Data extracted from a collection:

_____

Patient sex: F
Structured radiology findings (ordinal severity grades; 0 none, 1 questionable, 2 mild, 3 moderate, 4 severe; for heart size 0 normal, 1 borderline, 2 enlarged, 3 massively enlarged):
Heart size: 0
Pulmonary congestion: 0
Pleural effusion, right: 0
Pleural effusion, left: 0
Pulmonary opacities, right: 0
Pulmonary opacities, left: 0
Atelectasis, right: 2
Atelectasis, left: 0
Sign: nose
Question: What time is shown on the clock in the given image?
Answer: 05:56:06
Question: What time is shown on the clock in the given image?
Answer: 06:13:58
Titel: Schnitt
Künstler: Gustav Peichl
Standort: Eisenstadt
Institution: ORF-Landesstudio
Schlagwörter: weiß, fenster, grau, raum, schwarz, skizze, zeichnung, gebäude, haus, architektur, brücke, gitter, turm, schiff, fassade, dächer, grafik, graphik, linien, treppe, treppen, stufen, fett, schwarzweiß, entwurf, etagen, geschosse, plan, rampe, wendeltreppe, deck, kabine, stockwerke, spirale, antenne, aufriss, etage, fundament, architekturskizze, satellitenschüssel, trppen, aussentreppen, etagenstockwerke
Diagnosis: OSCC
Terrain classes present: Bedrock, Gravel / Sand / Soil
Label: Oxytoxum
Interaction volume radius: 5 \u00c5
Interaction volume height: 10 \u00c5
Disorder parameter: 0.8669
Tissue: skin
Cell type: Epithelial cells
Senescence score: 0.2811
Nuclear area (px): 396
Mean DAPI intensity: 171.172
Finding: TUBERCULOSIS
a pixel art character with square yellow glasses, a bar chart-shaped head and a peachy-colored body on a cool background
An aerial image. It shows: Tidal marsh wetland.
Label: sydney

_____

— EXERCISE —
The records above should all be quoted exactly, please.

— ANSWER FOR THE TASK —
Patient sex: F
Structured radiology findings (ordinal severity grades; 0 none, 1 questionable, 2 mild, 3 moderate, 4 severe; for heart size 0 normal, 1 borderline, 2 enlarged, 3 massively enlarged):
Heart size: 0
Pulmonary congestion: 0
Pleural effusion, right: 0
Pleural effusion, left: 0
Pulmonary opacities, right: 0
Pulmonary opacities, left: 0
Atelectasis, right: 2
Atelectasis, left: 0
Sign: nose
Question: What time is shown on the clock in the given image?
Answer: 05:56:06
Question: What time is shown on the clock in the given image?
Answer: 06:13:58
Titel: Schnitt
Künstler: Gustav Peichl
Standort: Eisenstadt
Institution: ORF-Landesstudio
Schlagwörter: weiß, fenster, grau, raum, schwarz, skizze, zeichnung, gebäude, haus, architektur, brücke, gitter, turm, schiff, fassade, dächer, grafik, graphik, linien, treppe, treppen, stufen, fett, schwarzweiß, entwurf, etagen, geschosse, plan, rampe, wendeltreppe, deck, kabine, stockwerke, spirale, antenne, aufriss, etage, fundament, architekturskizze, satellitenschüssel, trppen, aussentreppen, etagenstockwerke
Diagnosis: OSCC
Terrain classes present: Bedrock, Gravel / Sand / Soil
Label: Oxytoxum
Interaction volume radius: 5 \u00c5
Interaction volume height: 10 \u00c5
Disorder parameter: 0.8669
Tissue: skin
Cell type: Epithelial cells
Senescence score: 0.2811
Nuclear area (px): 396
Mean DAPI intensity: 171.172
Finding: TUBERCULOSIS
a pixel art character with square yellow glasses, a bar chart-shaped head and a peachy-colored body on a cool background
An aerial image. It shows: Tidal marsh wetland.
Label: sydney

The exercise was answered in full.